___ Data under study

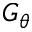
G _ { \theta }
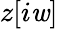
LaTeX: z[i\mathit{w}]
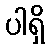
ပါရှိ
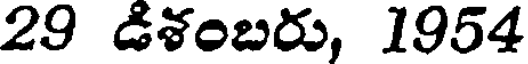
29 డిశంబరు, 1954
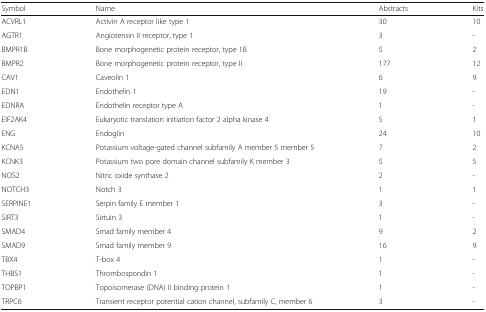
| Symbol | Name | Abstracts | Kits |
 | --- | --- | --- | --- |
 | ACVRL1 | Activin A receptor like type 1 | 30 | 10 |
 | AGTR1 | Angiotensin II receptor, type 1 | 3 | - |
 | BMPR1B | Bone morphogenetic protein receptor, type 1B | 5 | 2 |
 | BMPR2 | Bone morphogenetic protein receptor, type II | 177 | 12 |
 | CAV1 | Caveolin 1 | 6 | 9 |
 | EDN1 | Endothelin 1 | 19 | - |
 | EDNRA | Endothelin receptor type A | 1 | - |
 | EIF2AK4 | Eukaryotic translation initiation factor 2 alpha kinase 4 | 5 | 1 |
 | ENG | Endoglin | 24 | 10 |
 | KCNA5 | Potassium voltage-gated channel subfamily A member 5 member 5 | 7 | 2 |
 | KCNK3 | Potassium two pore domain channel subfamily K member 3 | 5 | 5 |
 | NOS2 | Nitric oxide synthase 2 | 2 | - |
 | NOTCH3 | Notch 3 | 1 | 1 |
 | SERPINE1 | Serpin family E member 1 | 3 | - |
 | SIRT3 | Sirtuin 3 | 1 | - |
 | SMAD4 | Smad family member 4 | 9 | 2 |
 | SMAD9 | Smad family member 9 | 16 | 9 |
 | TBX4 | T-box 4 | 1 | - |
 | THBS1 | Thrombospondin 1 | 1 | - |
 | TOPBP1 | Topoisomerase (DNA) II binding protein 1 | 1 | - |
 | TRPC6 | Transient receptor potential cation channel, subfamily C, member 6 | 3 | - |
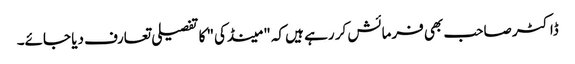
ڈاکٹر صاحب بھی فرمائش کر رہے ہیں کہ "مینڈکی" کا تفصیلی تعارف دیا جائے۔
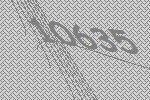
10635
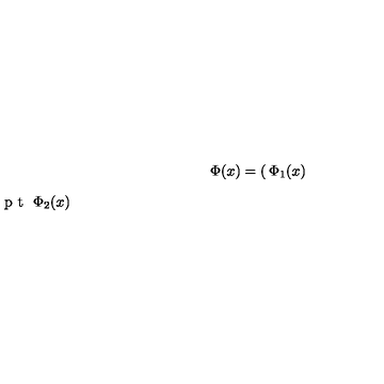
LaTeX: \Phi ( x ) = \left( { \begin{matrix} { \Phi _ { 1 } ( x ) } \\ { \noalign { \vskip 3 p t } \Phi _ { 2 } ( x ) } \\ \end{matrix} } \right)
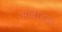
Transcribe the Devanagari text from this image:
अल्लाहचा

______

**What to work on**
Copy the stretch of the records above that runs from the line with "Endoglin | 24 | 10 |" through the line with "Notch 3 | 1 | 1 |". Both end lines belong in the copy, and nothing else does.

**Worked solution**
 | ENG | Endoglin | 24 | 10 |
 | KCNA5 | Potassium voltage-gated channel subfamily A member 5 member 5 | 7 | 2 |
 | KCNK3 | Potassium two pore domain channel subfamily K member 3 | 5 | 5 |
 | NOS2 | Nitric oxide synthase 2 | 2 | - |
 | NOTCH3 | Notch 3 | 1 | 1 |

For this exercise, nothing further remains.